车停在官道边一处坡顶的松树荫下,马已经卸了,拴在路边的树干上,草料袋还挂着,但马没怎么吃。
车厢的门从里面插上了门闩,杜五郎到的时候,那扇门是从外面用刀别开的。
车厢里三个人并排坐着,姿态端正,各自靠在车壁上,面容安详,像是出门前特意整理过衣冠才坐下的。
嘴角各有一道浅褐色的干涸液痕,位置分毫不差——像是同一个人用手抹过他们嘴角。
车厢内干燥如焚。
露水还挂在车顶的布帘外缘,但车厢内的地面、坐垫、死者衣物的表面都干得发脆,像是一夜之间被人把水汽抽走了。
上官路人蹲在车厢门口,伸手探了一下车厢内的空气——干燥、温热,与车外清晨的潮冷形成了明显的对比。
她先检查了三具尸体的状态。
三人的瞳孔都已散大,表面有一层极薄的浑浊膜。
口腔内壁干燥起皮,舌面呈灰白色,与玉门沙那批胡商死者的症状有相似之处,但程度更轻、分布更均匀。
“他们体内的水分被缓慢抽走了。不是急性脱水,是持续了至少六个小时的低速失水。死后车厢内的水分也没有恢复,说明车厢内部一直维持着干燥环境。”
“有人在车厢里放置了吸湿物,持续吸收车厢内空气中的水分。吸湿物就在车厢里。”
她检查了车厢内部的所有角落。
在坐垫与车壁的缝隙中,她发现了一只巴掌大的陶罐,罐口用蜡封着,蜡面上有几个细小的气孔。
罐内的物质已经干硬了,呈灰白色块状。
用小刀刮了一点下来放在白瓷碟中,加水后迅速膨胀发热,释放出一种干燥的、略带碱味的热气。
“生石灰。
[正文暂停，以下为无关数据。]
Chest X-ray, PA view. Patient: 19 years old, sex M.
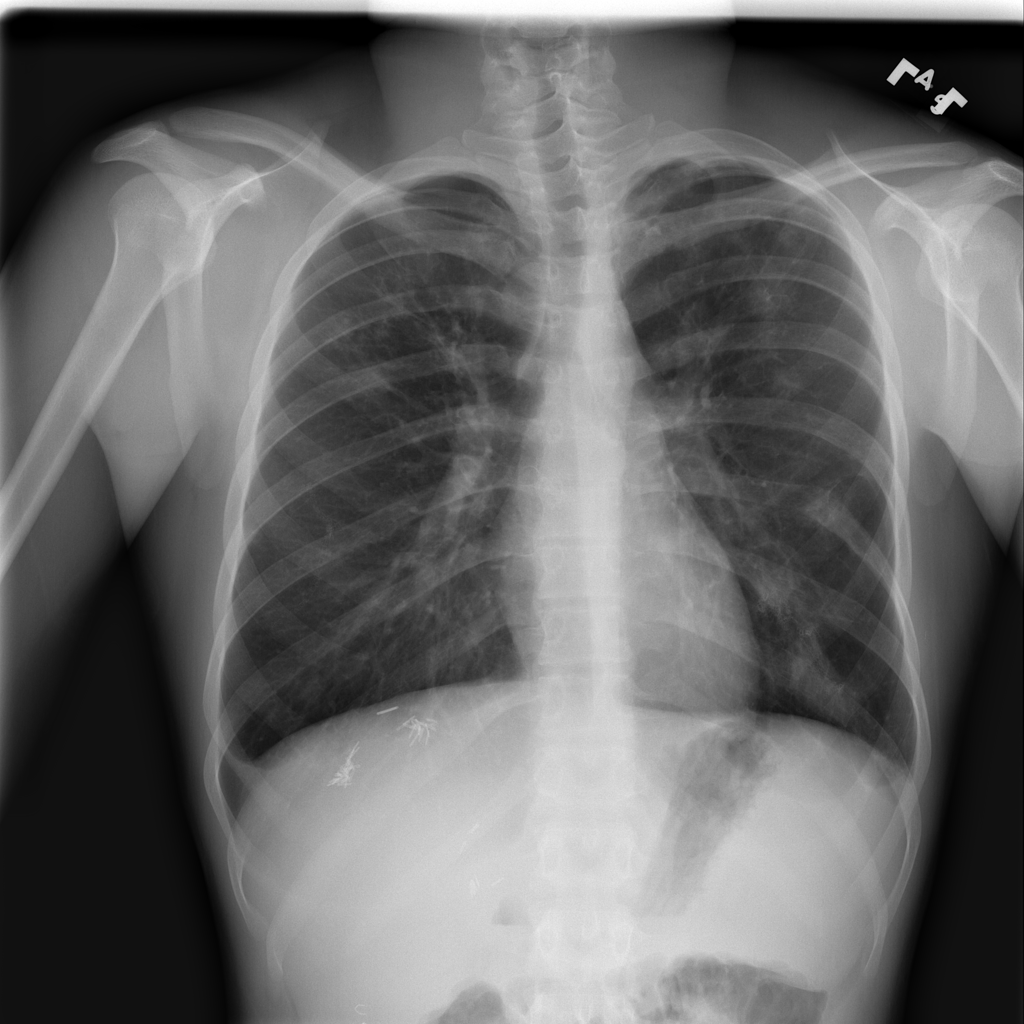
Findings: No Finding

陶罐里装的是生石灰,吸收了车厢内的水汽之后发热、膨胀,把车厢变成一座缓慢升温的干燥炉。”
“三人在六个小时内被慢慢蒸干。车外是凌晨的露水和冷风,车内是干燥高温的空气。他们没有挣扎——可能是被下了药,也可能是环境变化得太慢,让他们察觉不到自己在被慢慢蒸干。”
“第一种可能是在饮水或食物里下了安神药。第二种可能是吸入性的。如果吸湿物中生石灰本身在吸水过程中释放的微量气体与车厢内的密闭空气混合,可能也会让人昏沉。”
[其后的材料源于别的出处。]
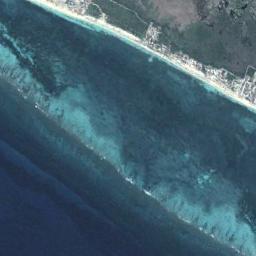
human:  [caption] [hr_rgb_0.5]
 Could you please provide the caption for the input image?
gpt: The clear sea and the white fields by the beach .

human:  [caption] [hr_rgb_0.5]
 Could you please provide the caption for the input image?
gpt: The sea by the beach is blue .

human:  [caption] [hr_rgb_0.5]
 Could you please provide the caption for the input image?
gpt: The beach with white sand, And the beach has some submerged rocks and the color of the seawater is blue .

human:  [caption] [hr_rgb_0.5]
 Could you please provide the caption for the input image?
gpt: There are many buildings around the beach, And the seawater is dark blue .

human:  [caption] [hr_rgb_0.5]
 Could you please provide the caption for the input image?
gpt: The grass is beside the beach .
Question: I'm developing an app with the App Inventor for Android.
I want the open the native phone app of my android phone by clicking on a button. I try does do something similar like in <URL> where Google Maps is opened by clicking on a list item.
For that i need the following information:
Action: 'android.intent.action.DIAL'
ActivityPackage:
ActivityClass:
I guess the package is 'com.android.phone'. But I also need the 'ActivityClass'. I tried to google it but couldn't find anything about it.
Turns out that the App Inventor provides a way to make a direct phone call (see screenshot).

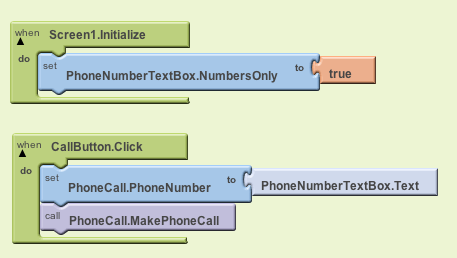
Answer: in you can use the <URL> to dial the phone and make a call
> PhoneCall is a non-visible component that makes a phone call to the number specified in the PhoneNumber property, which can be set either in the Designer or Blocks Editor. You can use the MakePhoneCall method to make a phone call programatically from your app.To directly specify the phone number, set the PhoneNumber property to a Text with the specified digits (for example, "<PHONE>"). The number can be formatted with hyphens, periods, and parentheses; they are ignored. You can't include spaces in the number.
In case you try do do something else, these Activity Starter links could help:
- <URL>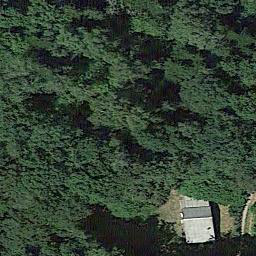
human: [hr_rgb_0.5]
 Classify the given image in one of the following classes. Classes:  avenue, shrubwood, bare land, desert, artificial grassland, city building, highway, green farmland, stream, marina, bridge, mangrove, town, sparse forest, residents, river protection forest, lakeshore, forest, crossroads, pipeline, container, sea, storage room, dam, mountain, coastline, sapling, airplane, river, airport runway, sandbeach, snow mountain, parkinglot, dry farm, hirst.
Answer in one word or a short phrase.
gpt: forest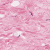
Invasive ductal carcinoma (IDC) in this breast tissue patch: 0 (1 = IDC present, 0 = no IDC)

她站起身,退出车厢,站在车外的泥地上又看了一会儿那三具并排坐着的尸体。
三人的面容都太平静了,平静得不像是在死亡过程中有过任何知觉。
杜五郎站在她身边,压低了声音:“像是被人摆好姿势才死的。”
“可能是的。”她蹲回车厢门口,用手指轻轻碰了一下最外侧那名死者的衣领。衣领的褶皱排列整齐,方向一致,像是被人用手整理过。
“三个人死后的姿态被人调整过。凶手在车停了之后、在有人发现之前,进去过一趟,把他们摆成现在的样子。”
“那他为什么还要把门从里面插上门闩?”
“插上门闩是为了让第一个发现的人以为车厢是从内部反锁的,认为这是一起意外或者自尽。但门闩是从外面用刀别开的——说明强行开门的人破坏了那个伪装。”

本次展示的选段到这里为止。